Chuck Lauer: An IT Boondoggle?
A recent Wall Street Journal article left me speechless. Like a lot of other people in healthcare I have been indoctrinated with the belief that unless the industry fully and enthusiastically adopts information technology, hospital and health systems will never run efficiently and be able to deliver quality healthcare to patients. I have attended HIMSS conferences, read articles, and been told by countless IT vendors and consultants and the United States government that every healthcare entity must be totally "wired" to be efficient and effective.

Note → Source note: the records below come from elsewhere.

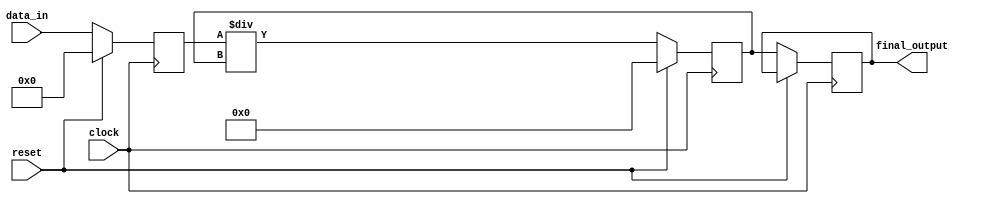
module PipelineAccumulator (
    input clock,
    input reset,
    input [7:0] data_in,
    output reg [15:0] final_output
);

reg [7:0] data;
reg [15:0] accumulator;

always @(posedge clock) begin
    if (reset) begin
        data <= 8'b0;
        accumulator <= 16'b0;
    end else begin
        data <= data_in;
        
        // Pipeline stages for arithmetic blocks
        // Block 1
        accumulator <= data + accumulator;
        // Block 2
        accumulator <= data - accumulator;
        // Block 3
        accumulator <= data * accumulator;
        // Block 4
        accumulator <= data / accumulator;
        
        final_output <= accumulator;
    end
end

endmodule
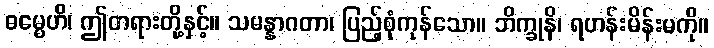
ဓမ္မေဟိ၊ ဤတရားတို့နှင့်။ သမန္နာဂတာ၊ ပြည့်စုံကုန်သော။ ဘိက္ခုနိ၊ ရဟန်းမိန်းမကို။

Reading the article Stephen Soumerai, a professor of population medicine at Harvard Medical School and Harvard Pilgrim Health Care Institute, and Ross Koppel, a professor of sociology and medicine at the University of Pennsylvania, has shaken my belief.

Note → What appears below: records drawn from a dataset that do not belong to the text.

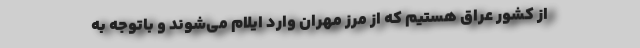
از کشور عراق هستیم که از مرز مهران وارد ایلام می‌شوند و باتوجه به
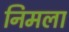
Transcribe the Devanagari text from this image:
निमला
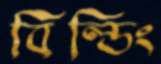
বিল্ডিং
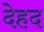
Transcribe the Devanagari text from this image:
देहद

In two years, thousands of hospitals and physicians that fail to buy and install costly healthcare information technologies, such as digital records for patient histories and prescriptions, will face penalties through reduced Medicare and Medicaid payments. By that time, the government will have paid out tens of billions of dollars in subsidies and incentives to providers who install these technology programs — the carrot before the stick...
- Tags:
- Annals of Internal Medicine (AIM)
- EHR backlash
- EHR interoperability
- health data standards
- health information technology (HIT)
- healthcare costs
- healthcare industry
- HIMSS
- HIT boondogle
- HIT expenditures
- HITECH penalties
- Journal of the American Medical Association (JAMA)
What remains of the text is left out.